[ExI] Health care in the USA

Damien Sullivan phoenix at ugcs.caltech.edu
Tue Jul 28 07:28:47 UTC 2009


On Mon, Jul 27, 2009 at 12:56:47AM -0500, Max More wrote:

>> Some drugs and treatments may be.  Beta blockers weren't, though  
>> that's the FDA.  But I've seen claims of other treatments where we're 
>> still behind
>
> Well, no doubt. Our FDA is probably more restrictive than agencies in  
> most other countries. Yet, the USA STILL does far more medical  
> innovation.
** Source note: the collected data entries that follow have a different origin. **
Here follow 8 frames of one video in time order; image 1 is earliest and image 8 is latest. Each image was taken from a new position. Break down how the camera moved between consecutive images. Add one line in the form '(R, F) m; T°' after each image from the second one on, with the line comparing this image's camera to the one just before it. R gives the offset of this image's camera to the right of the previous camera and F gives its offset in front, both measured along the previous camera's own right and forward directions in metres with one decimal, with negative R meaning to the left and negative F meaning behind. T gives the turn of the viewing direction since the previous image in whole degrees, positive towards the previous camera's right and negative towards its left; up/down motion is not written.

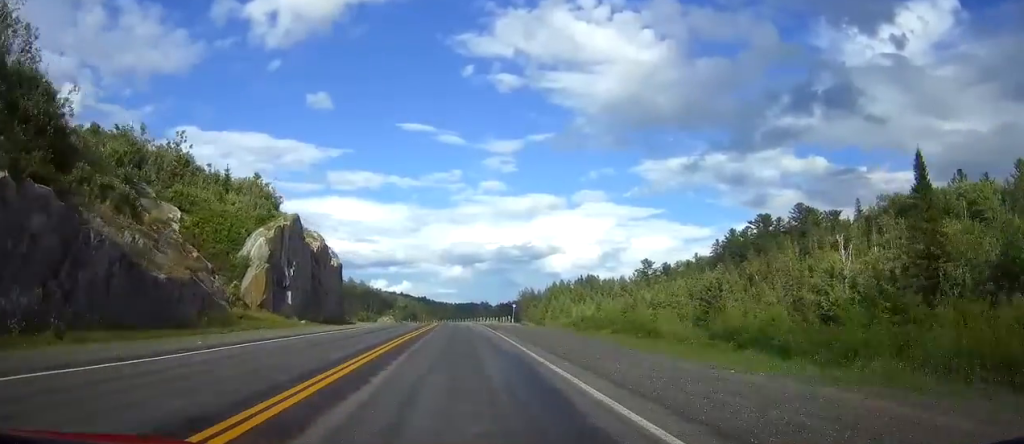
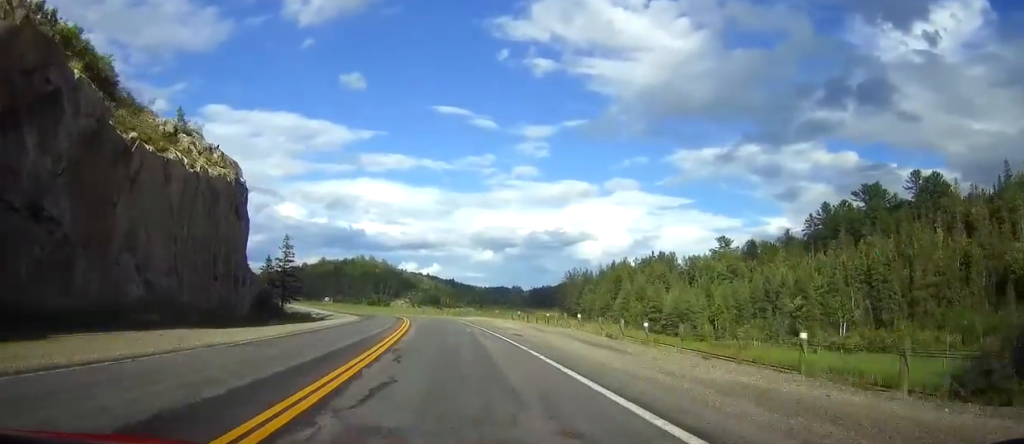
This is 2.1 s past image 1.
(-0.5, +68.0) m; -3°
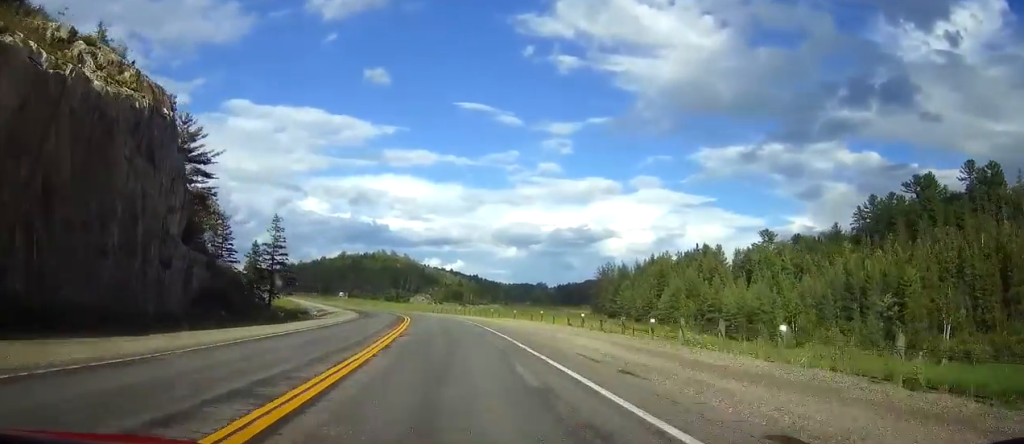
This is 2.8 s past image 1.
(-0.5, +20.2) m; -2°
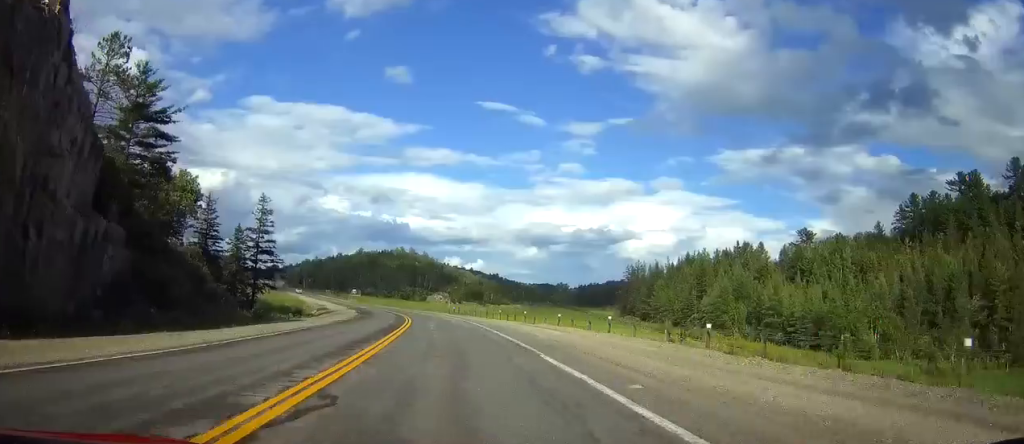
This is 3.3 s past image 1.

Why is it so hard for you to admit that?

Because I have no particular reason to believe it is true.  It gets said
a lot, usually without any sourcing; your post was a rare exception.
And you said, IIRC, 75% of cancer drugs are developed or tested here.
Cool -- what about cardiac drug,s anti-depressants, surgical procedures,
etc.?  Is the cancer bit representative or cherry-picked?  I don't know,
and I generally don't have reason to believe that claims of overwhelming
US dominance are backed by evidence rather than naive belief in US
exceptionalism.  Conversely, I know that 6 of the top 8 pharm companies
are European
http://en.wikipedia.org/wiki/List_of_pharmaceutical_companies
and that, off the top of my head, Ru-486 is a foreign-developed drug.  I
used to have another example but have forgotten it.

Then, of course, there's still the question of what such dominance would
mean if it were true -- as I said, there's unusual size and government
research backing to continue.  Also how many of individual drug
developments are real progress rather than trying to extend patent
monopolies with slight variations.

>> We're tied for almost-last place while spending twice as much?  That's 
>> nothing to crow about.
>
> I never said it was. The US system could and should be much better.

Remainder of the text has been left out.